La ville doit sa renommée à un triste record, celui du plus grand nombre de disparitions aux États-Unis. Chaque année, ce sont plus d’une vingtaine de personnes qui s’évaporent dans la forêt.
C’est bien ce que je pensais : je suis totalement nue. Reste calme, Emily. Il doit y avoir une explication. Je laisse courir ma main droite autour de moi. Le sol rocheux est glacé… Il y a une odeur d’humidité, de terre, et une autre, un peu plus acide, comme du soufre. Suis-je dans une cave, une grotte ? Une mine peut-être, mais laquelle ? Des milliers de souterrains ont été creusés à travers l’Oregon au cours de la ruée vers l’or, à partir de 1850. La plupart ont été condamnés. Je le sais, car en commençant ma randonnée il y a trois jours, j’ai été surprise de voir autant de panneaux de mise en garde en bordure de forêt :Ne tentez jamais d’entrer dans une mine abandonnée. Danger de mort.
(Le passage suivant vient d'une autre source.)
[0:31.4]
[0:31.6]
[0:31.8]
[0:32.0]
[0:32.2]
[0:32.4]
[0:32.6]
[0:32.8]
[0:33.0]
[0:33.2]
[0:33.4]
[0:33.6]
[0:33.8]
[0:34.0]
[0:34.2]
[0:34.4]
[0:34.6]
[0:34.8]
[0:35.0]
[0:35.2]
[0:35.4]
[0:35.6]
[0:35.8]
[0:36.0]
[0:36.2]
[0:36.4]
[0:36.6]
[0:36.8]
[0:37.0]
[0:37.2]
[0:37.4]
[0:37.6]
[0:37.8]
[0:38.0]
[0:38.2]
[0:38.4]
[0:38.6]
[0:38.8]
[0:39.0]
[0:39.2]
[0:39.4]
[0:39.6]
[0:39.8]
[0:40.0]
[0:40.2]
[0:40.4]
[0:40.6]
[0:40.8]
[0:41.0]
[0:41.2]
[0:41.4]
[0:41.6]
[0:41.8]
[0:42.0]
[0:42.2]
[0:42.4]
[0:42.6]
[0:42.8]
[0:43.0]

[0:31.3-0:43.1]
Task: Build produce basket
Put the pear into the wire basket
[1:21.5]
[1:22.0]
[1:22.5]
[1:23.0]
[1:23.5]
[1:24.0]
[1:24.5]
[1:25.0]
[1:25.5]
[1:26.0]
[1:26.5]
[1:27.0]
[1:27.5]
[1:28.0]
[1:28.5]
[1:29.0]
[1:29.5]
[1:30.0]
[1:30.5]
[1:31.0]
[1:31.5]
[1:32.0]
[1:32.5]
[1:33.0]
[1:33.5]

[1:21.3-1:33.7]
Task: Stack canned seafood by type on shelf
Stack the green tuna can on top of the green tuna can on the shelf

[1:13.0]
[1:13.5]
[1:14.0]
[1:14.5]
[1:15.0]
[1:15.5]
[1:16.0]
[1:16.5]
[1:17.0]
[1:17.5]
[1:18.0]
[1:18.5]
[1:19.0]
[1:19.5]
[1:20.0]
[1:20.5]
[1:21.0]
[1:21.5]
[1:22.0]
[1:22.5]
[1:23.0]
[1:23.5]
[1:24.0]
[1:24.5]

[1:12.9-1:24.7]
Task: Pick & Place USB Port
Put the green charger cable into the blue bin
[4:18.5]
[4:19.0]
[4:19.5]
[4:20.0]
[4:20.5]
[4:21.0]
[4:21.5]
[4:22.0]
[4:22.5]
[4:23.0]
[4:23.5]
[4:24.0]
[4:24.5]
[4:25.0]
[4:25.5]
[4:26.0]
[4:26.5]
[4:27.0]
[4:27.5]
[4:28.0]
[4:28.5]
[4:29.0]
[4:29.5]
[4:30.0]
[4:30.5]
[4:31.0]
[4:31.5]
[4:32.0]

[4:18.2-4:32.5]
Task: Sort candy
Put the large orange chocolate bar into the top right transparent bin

Je sais ce que je risque à être là, en cet instant. J’aurais dû m’enfuir, bien entendu, quand j’en avais l’occasion. Je tiens plus du dernier des crétins que du Bon Samaritain, mais on ne se refait pas. Et elle a besoin de moi…
Je sais ce qu’ils doivent avoir en tête. J’étais comme eux, dans une autre vie. « Un village en quête de vengeance », « Un meurtrier en cavale »… J’imagine déjà les gros titres. Tout est réuni pour qu’ils fassent le reportage de leur carrière. Ils attendent, espèrent secrètement que ça va dégénérer.